REQUIRED WORK — What lines in the records below include the word "instance"? Return each one.

+---+

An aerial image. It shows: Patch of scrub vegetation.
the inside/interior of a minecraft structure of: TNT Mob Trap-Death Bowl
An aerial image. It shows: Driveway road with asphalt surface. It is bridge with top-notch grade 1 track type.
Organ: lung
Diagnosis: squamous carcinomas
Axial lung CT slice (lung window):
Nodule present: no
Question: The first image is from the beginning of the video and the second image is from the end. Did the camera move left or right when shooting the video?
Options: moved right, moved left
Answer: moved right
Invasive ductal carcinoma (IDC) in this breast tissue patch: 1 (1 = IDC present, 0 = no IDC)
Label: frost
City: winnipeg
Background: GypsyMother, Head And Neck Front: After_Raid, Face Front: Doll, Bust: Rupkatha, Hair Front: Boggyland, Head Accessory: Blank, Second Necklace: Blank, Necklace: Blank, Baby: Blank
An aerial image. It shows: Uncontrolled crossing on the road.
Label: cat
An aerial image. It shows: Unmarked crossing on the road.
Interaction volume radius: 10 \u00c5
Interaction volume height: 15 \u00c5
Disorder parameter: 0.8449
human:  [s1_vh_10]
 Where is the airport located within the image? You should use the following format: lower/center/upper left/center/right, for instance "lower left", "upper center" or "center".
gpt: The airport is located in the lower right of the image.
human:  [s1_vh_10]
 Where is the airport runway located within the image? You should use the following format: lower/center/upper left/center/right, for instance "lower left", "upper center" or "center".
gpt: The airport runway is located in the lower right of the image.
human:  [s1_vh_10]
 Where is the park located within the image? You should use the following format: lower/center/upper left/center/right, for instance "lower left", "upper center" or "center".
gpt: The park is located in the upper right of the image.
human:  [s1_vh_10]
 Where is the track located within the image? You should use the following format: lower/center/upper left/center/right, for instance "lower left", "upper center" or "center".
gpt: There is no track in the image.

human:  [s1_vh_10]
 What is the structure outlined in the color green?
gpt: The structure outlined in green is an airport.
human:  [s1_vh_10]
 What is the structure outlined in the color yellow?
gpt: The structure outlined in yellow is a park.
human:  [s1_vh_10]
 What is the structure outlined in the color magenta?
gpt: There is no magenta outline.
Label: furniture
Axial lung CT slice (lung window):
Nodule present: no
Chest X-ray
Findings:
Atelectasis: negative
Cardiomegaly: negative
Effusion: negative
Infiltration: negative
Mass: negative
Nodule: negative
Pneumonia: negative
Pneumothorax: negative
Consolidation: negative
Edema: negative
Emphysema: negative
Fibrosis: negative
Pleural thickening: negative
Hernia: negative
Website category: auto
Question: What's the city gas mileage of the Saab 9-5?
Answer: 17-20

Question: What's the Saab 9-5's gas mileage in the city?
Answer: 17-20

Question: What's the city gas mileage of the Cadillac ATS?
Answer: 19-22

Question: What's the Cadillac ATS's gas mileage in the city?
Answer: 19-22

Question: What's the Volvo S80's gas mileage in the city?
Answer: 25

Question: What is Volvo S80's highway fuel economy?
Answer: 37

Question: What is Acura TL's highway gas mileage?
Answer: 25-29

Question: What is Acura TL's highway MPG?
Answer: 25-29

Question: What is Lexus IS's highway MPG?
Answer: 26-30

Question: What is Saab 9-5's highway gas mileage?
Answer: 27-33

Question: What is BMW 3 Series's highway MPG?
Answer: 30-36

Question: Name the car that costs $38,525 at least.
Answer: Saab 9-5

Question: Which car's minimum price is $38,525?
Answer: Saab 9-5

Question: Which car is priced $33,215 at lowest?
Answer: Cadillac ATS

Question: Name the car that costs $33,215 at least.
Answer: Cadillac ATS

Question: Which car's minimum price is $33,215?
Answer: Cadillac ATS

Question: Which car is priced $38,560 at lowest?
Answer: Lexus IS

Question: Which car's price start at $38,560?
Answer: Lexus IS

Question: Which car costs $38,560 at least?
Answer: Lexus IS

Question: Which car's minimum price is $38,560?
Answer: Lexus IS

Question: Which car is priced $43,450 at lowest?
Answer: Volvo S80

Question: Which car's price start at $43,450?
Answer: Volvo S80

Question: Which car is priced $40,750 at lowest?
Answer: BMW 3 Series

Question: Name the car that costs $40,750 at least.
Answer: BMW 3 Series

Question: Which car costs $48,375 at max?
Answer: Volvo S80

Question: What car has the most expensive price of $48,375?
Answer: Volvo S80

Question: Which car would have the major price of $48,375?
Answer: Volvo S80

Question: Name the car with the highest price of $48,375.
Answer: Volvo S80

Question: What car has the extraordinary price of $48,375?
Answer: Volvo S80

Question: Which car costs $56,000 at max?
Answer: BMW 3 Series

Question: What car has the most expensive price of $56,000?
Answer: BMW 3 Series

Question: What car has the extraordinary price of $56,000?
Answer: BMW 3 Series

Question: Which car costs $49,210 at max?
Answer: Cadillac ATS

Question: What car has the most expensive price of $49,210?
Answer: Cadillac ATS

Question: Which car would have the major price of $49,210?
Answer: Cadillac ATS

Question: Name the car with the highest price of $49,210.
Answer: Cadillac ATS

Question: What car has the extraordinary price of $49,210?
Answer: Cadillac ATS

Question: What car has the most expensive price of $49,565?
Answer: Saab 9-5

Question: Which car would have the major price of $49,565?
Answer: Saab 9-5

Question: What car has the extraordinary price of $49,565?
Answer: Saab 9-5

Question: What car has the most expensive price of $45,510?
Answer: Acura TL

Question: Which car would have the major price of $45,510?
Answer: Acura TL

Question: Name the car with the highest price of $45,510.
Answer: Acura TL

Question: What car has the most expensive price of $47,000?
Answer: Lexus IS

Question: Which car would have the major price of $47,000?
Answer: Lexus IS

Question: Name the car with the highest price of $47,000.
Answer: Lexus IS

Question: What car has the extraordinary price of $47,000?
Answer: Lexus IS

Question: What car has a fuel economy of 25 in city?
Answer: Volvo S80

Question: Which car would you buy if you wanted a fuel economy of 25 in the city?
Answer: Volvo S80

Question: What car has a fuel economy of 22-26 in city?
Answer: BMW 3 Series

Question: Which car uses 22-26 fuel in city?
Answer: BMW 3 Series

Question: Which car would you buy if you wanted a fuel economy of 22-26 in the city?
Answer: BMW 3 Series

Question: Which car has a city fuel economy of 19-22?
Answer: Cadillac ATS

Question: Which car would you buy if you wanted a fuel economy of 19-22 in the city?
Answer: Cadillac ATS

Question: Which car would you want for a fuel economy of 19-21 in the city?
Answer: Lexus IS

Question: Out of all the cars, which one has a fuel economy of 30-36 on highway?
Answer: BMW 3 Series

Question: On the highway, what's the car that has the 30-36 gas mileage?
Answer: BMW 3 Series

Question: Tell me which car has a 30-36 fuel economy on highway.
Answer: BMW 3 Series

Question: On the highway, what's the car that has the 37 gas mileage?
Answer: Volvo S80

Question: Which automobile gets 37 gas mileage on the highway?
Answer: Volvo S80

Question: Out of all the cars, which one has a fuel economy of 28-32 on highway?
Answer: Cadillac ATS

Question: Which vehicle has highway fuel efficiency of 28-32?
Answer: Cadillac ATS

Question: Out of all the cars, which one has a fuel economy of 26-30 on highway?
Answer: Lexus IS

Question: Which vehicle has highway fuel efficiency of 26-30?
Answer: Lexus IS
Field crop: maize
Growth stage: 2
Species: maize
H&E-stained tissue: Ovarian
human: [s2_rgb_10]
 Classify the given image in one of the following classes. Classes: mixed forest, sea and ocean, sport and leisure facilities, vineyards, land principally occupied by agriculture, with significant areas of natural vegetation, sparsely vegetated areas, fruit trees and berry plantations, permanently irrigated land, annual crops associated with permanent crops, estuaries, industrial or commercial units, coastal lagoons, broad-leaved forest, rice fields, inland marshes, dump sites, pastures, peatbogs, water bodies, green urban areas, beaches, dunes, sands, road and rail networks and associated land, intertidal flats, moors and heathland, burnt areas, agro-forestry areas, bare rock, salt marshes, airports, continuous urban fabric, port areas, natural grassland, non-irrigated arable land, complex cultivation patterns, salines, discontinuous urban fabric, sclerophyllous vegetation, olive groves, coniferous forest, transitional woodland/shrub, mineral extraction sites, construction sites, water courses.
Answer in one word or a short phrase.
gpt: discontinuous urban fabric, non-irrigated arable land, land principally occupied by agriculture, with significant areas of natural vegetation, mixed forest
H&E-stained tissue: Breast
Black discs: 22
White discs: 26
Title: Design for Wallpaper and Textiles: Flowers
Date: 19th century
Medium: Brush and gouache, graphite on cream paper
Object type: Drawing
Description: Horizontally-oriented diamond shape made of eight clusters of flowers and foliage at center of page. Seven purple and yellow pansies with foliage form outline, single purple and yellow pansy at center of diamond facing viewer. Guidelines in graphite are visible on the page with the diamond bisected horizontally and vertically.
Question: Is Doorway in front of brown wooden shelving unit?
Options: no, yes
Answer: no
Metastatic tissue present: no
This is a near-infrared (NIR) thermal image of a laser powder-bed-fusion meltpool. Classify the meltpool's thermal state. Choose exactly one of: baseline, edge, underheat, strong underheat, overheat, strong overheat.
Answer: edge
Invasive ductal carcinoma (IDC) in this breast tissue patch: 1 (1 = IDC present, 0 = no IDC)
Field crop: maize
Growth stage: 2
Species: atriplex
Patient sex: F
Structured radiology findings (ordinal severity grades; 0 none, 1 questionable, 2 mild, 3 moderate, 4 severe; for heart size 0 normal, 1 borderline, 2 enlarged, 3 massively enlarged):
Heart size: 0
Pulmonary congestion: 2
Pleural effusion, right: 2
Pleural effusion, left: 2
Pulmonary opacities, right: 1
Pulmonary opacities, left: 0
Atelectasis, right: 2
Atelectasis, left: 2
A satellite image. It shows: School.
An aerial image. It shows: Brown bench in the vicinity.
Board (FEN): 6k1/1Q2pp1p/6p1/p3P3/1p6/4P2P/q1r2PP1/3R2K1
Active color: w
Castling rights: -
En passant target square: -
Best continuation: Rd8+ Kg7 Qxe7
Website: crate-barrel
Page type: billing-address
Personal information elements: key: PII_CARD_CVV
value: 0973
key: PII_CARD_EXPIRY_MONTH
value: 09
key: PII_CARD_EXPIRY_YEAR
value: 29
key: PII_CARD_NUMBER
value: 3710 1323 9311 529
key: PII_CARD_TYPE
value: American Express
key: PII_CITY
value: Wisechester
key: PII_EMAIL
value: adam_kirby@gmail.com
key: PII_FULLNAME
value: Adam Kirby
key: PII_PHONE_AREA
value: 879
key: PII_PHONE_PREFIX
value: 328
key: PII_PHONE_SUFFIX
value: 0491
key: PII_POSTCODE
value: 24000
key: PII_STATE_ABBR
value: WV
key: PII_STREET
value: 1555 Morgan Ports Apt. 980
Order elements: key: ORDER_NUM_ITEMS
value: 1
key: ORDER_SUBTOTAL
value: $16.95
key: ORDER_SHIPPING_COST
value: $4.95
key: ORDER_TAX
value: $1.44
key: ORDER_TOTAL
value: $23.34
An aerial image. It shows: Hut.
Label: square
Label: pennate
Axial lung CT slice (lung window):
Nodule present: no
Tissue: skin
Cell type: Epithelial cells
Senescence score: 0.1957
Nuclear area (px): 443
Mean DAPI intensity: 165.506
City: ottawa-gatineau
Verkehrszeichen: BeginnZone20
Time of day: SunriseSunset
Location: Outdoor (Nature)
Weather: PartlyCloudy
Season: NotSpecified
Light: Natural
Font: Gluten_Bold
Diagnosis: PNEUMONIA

+---+

EXPECTED ANSWER —
 Where is the airport located within the image? You should use the following format: lower/center/upper left/center/right, for instance "lower left", "upper center" or "center".
 Where is the airport runway located within the image? You should use the following format: lower/center/upper left/center/right, for instance "lower left", "upper center" or "center".
 Where is the park located within the image? You should use the following format: lower/center/upper left/center/right, for instance "lower left", "upper center" or "center".
 Where is the track located within the image? You should use the following format: lower/center/upper left/center/right, for instance "lower left", "upper center" or "center".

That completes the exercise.